Stored dataset items
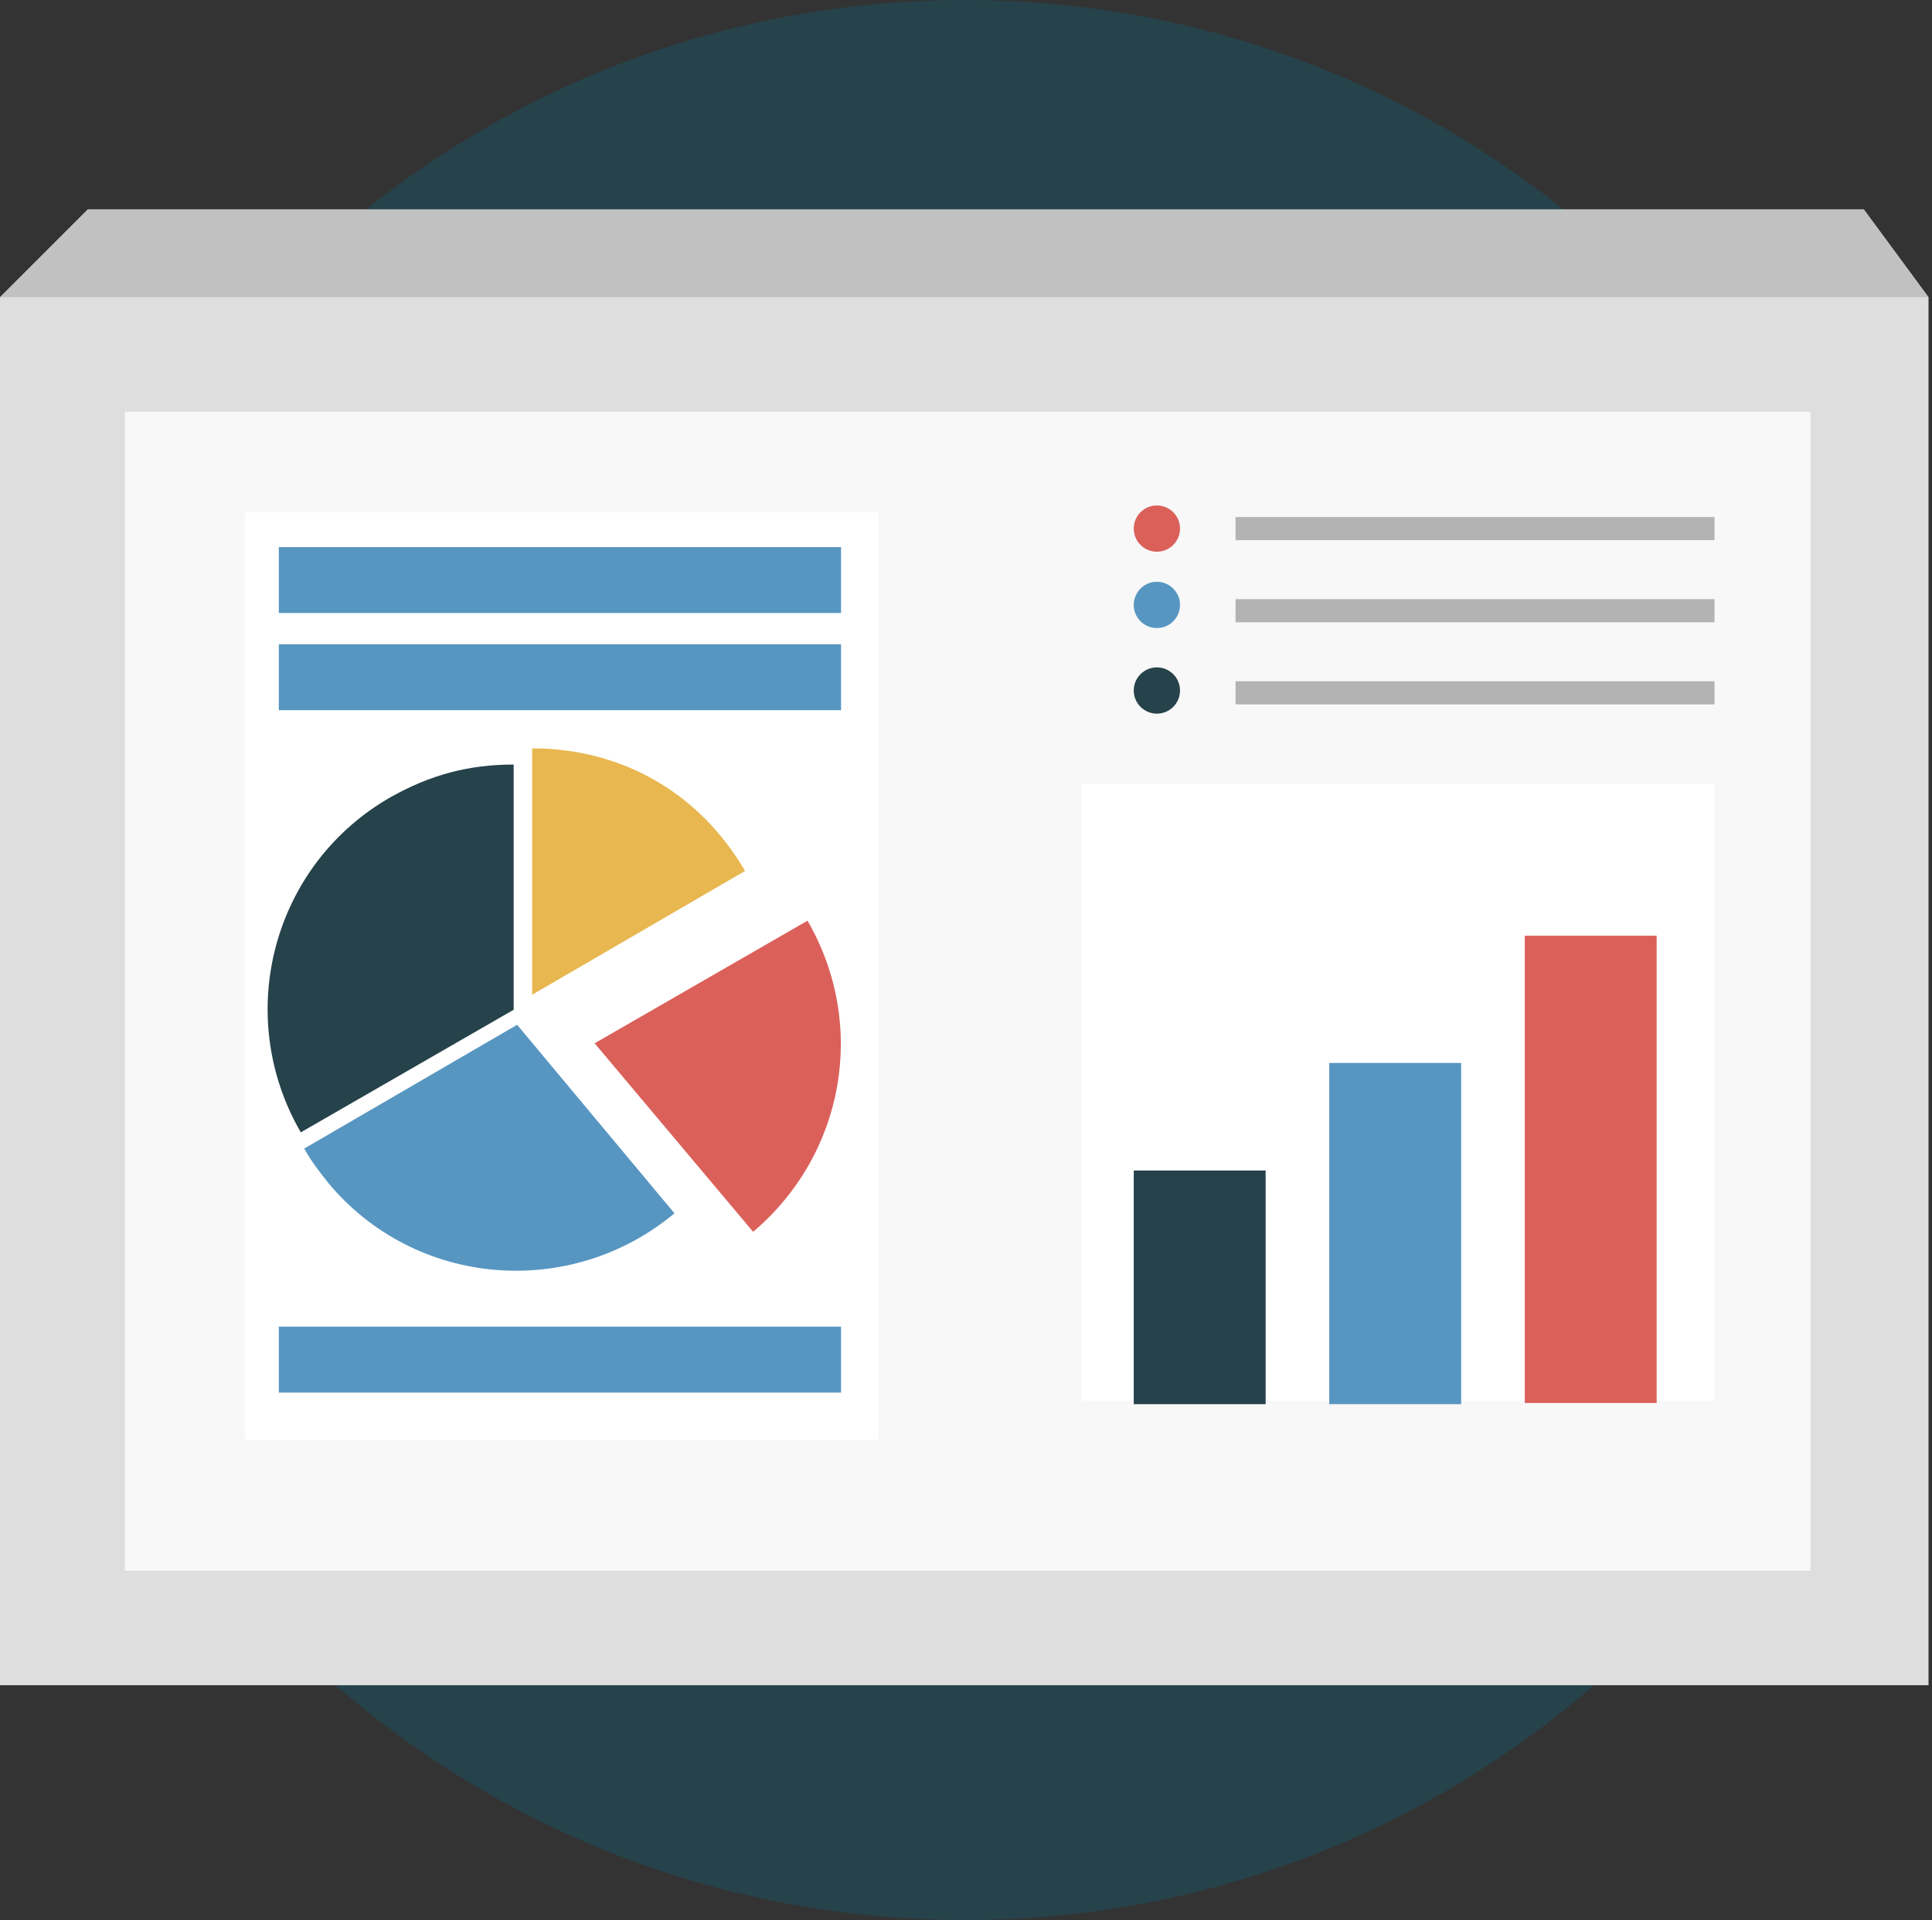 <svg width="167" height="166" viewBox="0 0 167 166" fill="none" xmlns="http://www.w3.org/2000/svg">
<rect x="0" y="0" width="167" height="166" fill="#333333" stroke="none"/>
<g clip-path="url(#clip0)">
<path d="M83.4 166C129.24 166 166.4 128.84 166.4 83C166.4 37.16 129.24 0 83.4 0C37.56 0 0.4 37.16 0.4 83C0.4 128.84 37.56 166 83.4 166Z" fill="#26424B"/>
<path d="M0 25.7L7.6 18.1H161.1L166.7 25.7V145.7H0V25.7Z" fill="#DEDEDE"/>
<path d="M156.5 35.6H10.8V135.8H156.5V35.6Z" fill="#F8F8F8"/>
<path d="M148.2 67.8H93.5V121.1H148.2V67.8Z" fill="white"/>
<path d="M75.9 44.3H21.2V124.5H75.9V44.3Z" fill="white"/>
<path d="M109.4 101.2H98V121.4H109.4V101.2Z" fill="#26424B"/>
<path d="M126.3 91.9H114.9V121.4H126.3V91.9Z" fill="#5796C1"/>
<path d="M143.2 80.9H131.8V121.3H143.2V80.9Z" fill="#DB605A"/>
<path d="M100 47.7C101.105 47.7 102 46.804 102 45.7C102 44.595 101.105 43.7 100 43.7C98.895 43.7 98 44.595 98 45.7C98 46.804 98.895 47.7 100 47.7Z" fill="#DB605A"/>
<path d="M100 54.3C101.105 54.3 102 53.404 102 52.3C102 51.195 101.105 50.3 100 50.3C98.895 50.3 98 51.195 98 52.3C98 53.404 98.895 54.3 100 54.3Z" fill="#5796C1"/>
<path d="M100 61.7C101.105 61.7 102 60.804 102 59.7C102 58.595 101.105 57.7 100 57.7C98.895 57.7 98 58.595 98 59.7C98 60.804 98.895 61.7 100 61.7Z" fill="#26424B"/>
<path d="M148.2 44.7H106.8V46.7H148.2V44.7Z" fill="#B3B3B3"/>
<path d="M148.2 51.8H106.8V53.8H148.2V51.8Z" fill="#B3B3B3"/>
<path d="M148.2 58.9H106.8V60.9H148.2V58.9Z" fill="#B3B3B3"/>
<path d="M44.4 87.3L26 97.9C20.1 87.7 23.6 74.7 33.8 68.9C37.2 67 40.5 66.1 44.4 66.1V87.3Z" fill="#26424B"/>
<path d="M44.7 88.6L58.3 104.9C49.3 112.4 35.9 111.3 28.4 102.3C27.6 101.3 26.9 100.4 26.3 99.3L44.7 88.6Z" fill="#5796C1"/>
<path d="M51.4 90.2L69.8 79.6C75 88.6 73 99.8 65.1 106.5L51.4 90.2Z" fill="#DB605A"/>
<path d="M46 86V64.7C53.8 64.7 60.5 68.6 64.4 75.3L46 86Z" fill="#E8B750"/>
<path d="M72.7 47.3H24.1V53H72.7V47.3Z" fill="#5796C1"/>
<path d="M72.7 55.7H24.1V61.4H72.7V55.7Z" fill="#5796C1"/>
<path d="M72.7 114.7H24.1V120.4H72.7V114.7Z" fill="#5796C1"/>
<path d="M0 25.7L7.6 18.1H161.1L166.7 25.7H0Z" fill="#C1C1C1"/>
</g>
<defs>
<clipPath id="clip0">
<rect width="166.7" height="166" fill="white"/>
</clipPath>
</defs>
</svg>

Exercise goal: The task calls for all records to be set down precisely, excluding any images.

Worked solution:
 <svg width="167" height="166" viewBox="0 0 167 166" fill="none" xmlns="http://www.w3.org/2000/svg">
<rect x="0" y="0" width="167" height="166" fill="#333333" stroke="none"/>
<g clip-path="url(#clip0)">
<path d="M83.4 166C129.24 166 166.4 128.84 166.4 83C166.4 37.16 129.24 0 83.4 0C37.56 0 0.4 37.16 0.4 83C0.4 128.84 37.56 166 83.4 166Z" fill="#26424B"/>
<path d="M0 25.7L7.6 18.1H161.1L166.7 25.7V145.7H0V25.7Z" fill="#DEDEDE"/>
<path d="M156.5 35.6H10.8V135.8H156.5V35.6Z" fill="#F8F8F8"/>
<path d="M148.2 67.8H93.5V121.1H148.2V67.8Z" fill="white"/>
<path d="M75.9 44.3H21.2V124.5H75.9V44.3Z" fill="white"/>
<path d="M109.4 101.2H98V121.4H109.4V101.2Z" fill="#26424B"/>
<path d="M126.3 91.9H114.9V121.4H126.3V91.9Z" fill="#5796C1"/>
<path d="M143.2 80.9H131.8V121.3H143.2V80.9Z" fill="#DB605A"/>
<path d="M100 47.7C101.105 47.7 102 46.804 102 45.7C102 44.595 101.105 43.7 100 43.7C98.895 43.7 98 44.595 98 45.7C98 46.804 98.895 47.7 100 47.7Z" fill="#DB605A"/>
<path d="M100 54.3C101.105 54.3 102 53.404 102 52.3C102 51.195 101.105 50.3 100 50.3C98.895 50.3 98 51.195 98 52.3C98 53.404 98.895 54.3 100 54.3Z" fill="#5796C1"/>
<path d="M100 61.7C101.105 61.7 102 60.804 102 59.7C102 58.595 101.105 57.7 100 57.7C98.895 57.7 98 58.595 98 59.7C98 60.804 98.895 61.7 100 61.7Z" fill="#26424B"/>
<path d="M148.2 44.7H106.8V46.7H148.2V44.7Z" fill="#B3B3B3"/>
<path d="M148.2 51.8H106.8V53.8H148.2V51.8Z" fill="#B3B3B3"/>
<path d="M148.2 58.9H106.8V60.9H148.2V58.9Z" fill="#B3B3B3"/>
<path d="M44.4 87.3L26 97.9C20.1 87.7 23.6 74.7 33.8 68.9C37.2 67 40.5 66.1 44.4 66.1V87.3Z" fill="#26424B"/>
<path d="M44.7 88.6L58.3 104.9C49.3 112.4 35.9 111.3 28.4 102.3C27.6 101.3 26.9 100.4 26.3 99.3L44.7 88.6Z" fill="#5796C1"/>
<path d="M51.4 90.2L69.8 79.6C75 88.6 73 99.8 65.1 106.5L51.4 90.2Z" fill="#DB605A"/>
<path d="M46 86V64.7C53.8 64.7 60.5 68.6 64.4 75.3L46 86Z" fill="#E8B750"/>
<path d="M72.7 47.3H24.1V53H72.7V47.3Z" fill="#5796C1"/>
<path d="M72.7 55.7H24.1V61.4H72.7V55.7Z" fill="#5796C1"/>
<path d="M72.7 114.7H24.1V120.4H72.7V114.7Z" fill="#5796C1"/>
<path d="M0 25.7L7.6 18.1H161.1L166.7 25.7H0Z" fill="#C1C1C1"/>
</g>
<defs>
<clipPath id="clip0">
<rect width="166.7" height="166" fill="white"/>
</clipPath>
</defs>
</svg>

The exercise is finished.